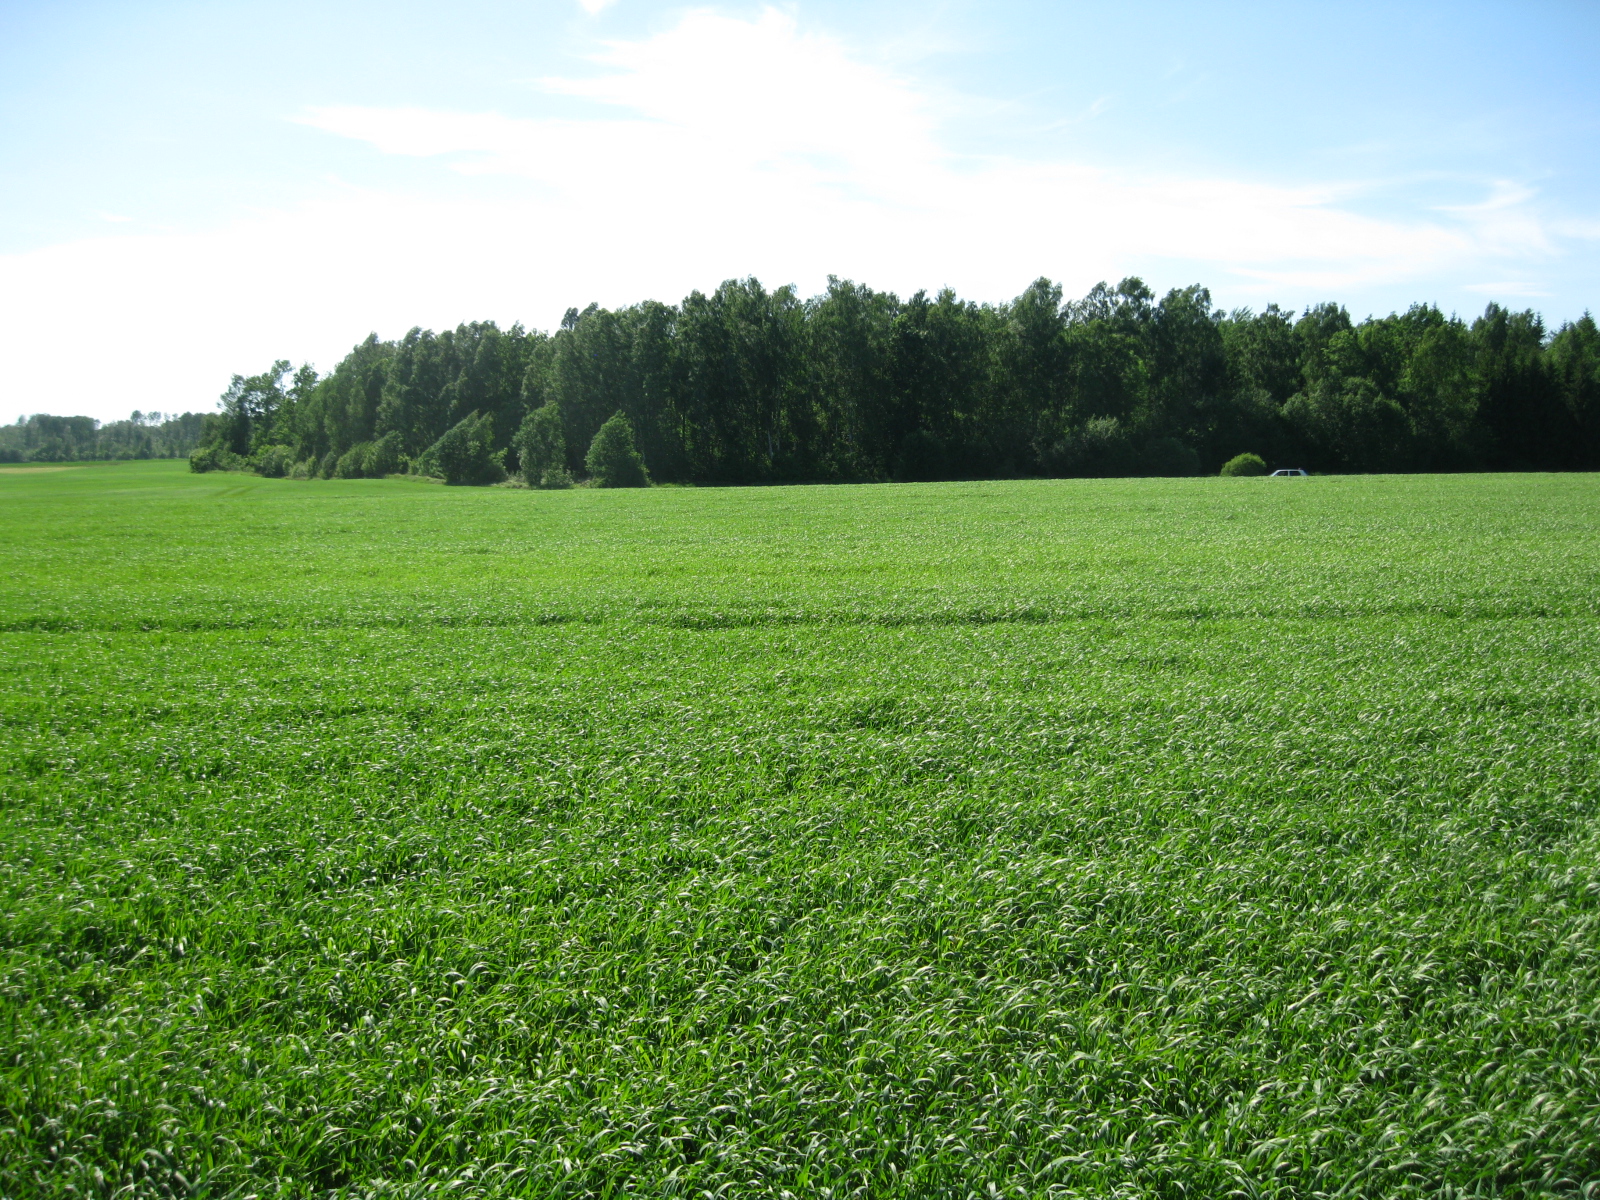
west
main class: Cropland
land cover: Barley
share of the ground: > 75 %
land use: Agriculture (excluding fallow land and kitchen gardens)
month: June
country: LT
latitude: 55.8533
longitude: 23.8383
:::
**Your instructions**
If an entry contains an image, skip the image and return the rest of the listing unchanged.

**Reply**
west
main class: Cropland
land cover: Barley
share of the ground: > 75 %
land use: Agriculture (excluding fallow land and kitchen gardens)
month: June
country: LT
latitude: 55.8533
longitude: 23.8383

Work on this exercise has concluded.